A similar result as removing the where clause is to to add this where clause:
where 1 = 1
You will see that the performance is degraded also because mysql will try to get all the data.
Remove the where clause and all columns from select and add a count to see how many records you get. If it is reasonable, say up to 10k, then do the following,
put back the select columns related to M_CLIENT_INFO
do not include the nested one "TAGS"
remove all your joins
run your query without where clause and gradually include the joins
this way you'll find out when the timeout is caused.
I would try the following. First, MySQL has a keyword "STRAIGHT_JOIN" which tells the optimizer to do the query in the table order you've specified. Since all you left-joins are child-related (like a lookup table), you don't want MySQL to try and interpret one of those as a primary basis of the query.
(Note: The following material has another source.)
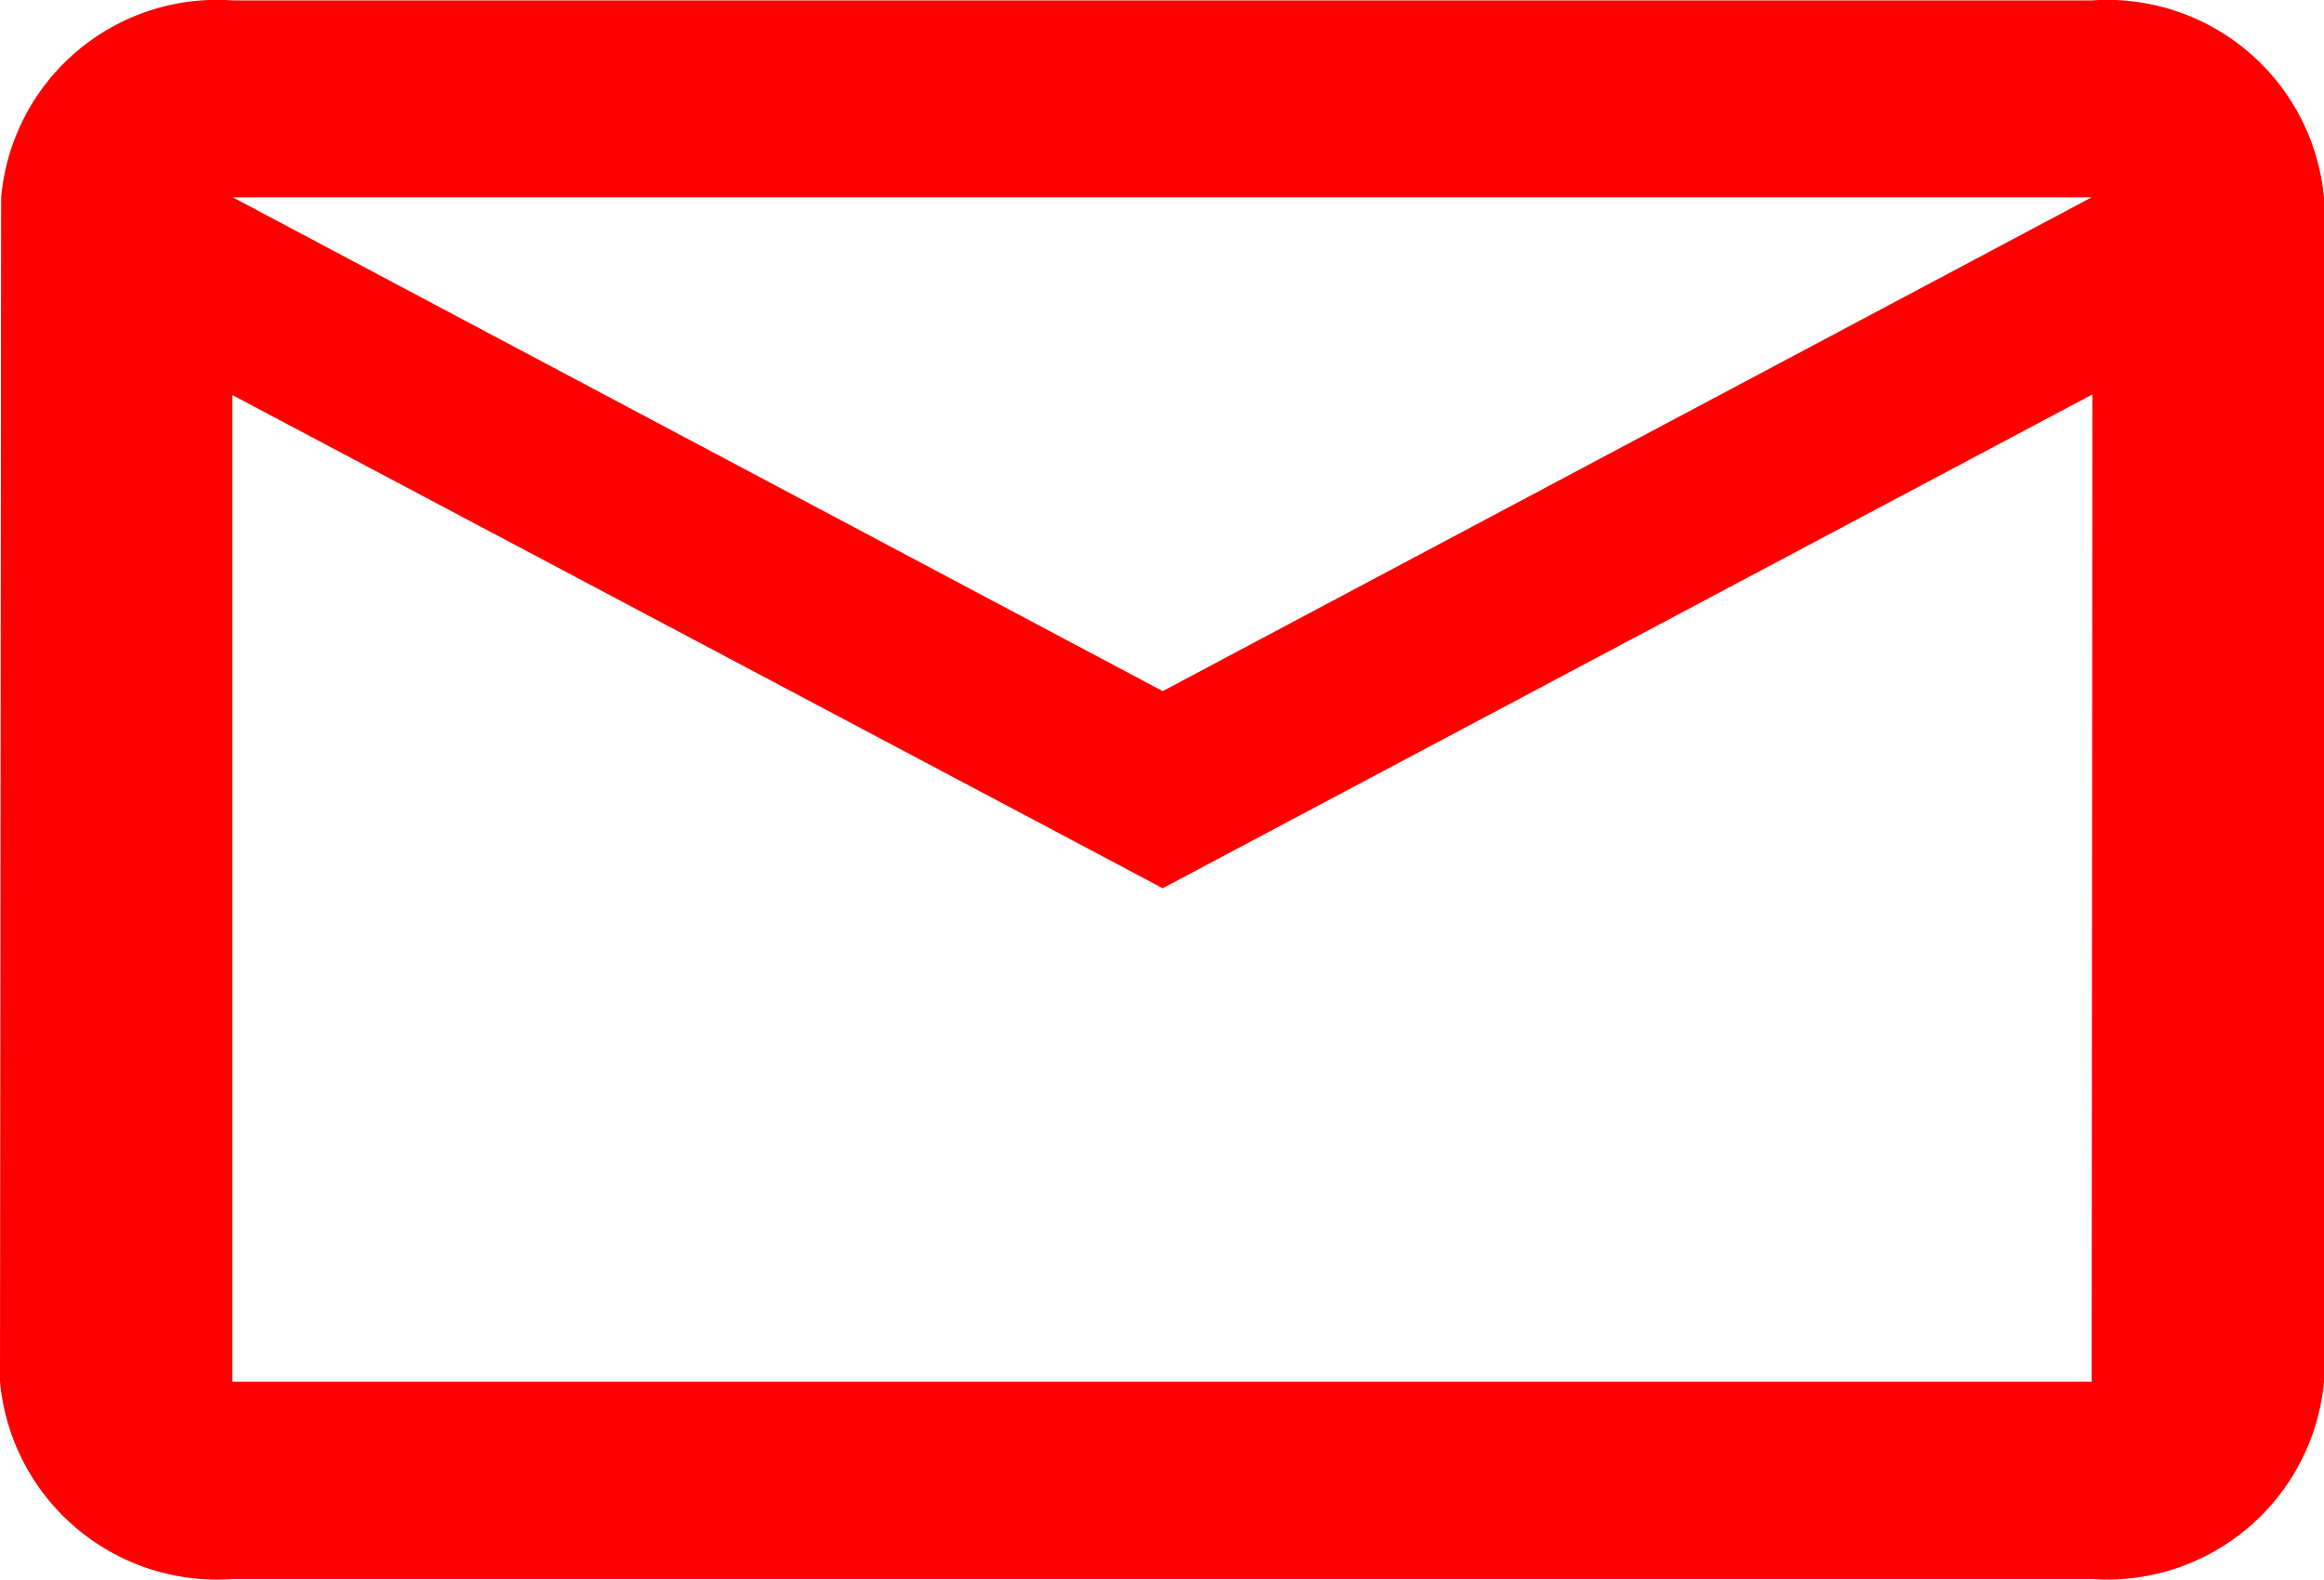 <svg xmlns="http://www.w3.org/2000/svg" width="22.586" height="15.354" viewBox="0 0 22.586 15.354">
  <path id="mail-red" d="M22.328,4H4.258A2.106,2.106,0,0,0,2.011,5.918L2,17.427a2.117,2.117,0,0,0,2.258,1.918H22.328a2.117,2.117,0,0,0,2.258-1.918V5.918A2.117,2.117,0,0,0,22.328,4Zm0,13.427H4.258V7.836L13.3,12.63l9.035-4.8ZM13.3,10.714l-9.038-4.8H22.328Z" transform="translate(-2 -3.996)" fill="red"/>
</svg>

SELECT STRAIGHT_JOIN ... rest of query.
Next, your M_PROJECT_INFO table, I dont know how many columns of data are out there, but you appear to be concentrating on just a few columns on your DISTINCT aggregates. I would make sure you have a covering index on these elements to help the query via an index on
( Client_ID, Project_Type, Status, Project_ID )
This way the engine can apply the criteria and get the distinct all out of the index instead of having to go back to the raw data pages for the query.
Third, your M_CLIENT_INFO table. Ensure that has an index on both your criteria, group by AND your Order By, and change your order by from the aliased "CLIENT_NAME" to the actual column of the SQL table so it matches the index
( Date_Added, Client_ID, Name )
I have "name" in ticks as it is also a reserved word and helps clarify the column, not the keyword.
Next, the WHERE clause. Whenever you apply a function to an indexed column name, it doesn't work the greatest, especially on date/time fields... You might want to change your where clause to
WHERE MCI.Date_Added between '2012-01-01' and '2012-12-31 23:59:59'
so the BETWEEN range is showing the entire year and the index can better be utilized.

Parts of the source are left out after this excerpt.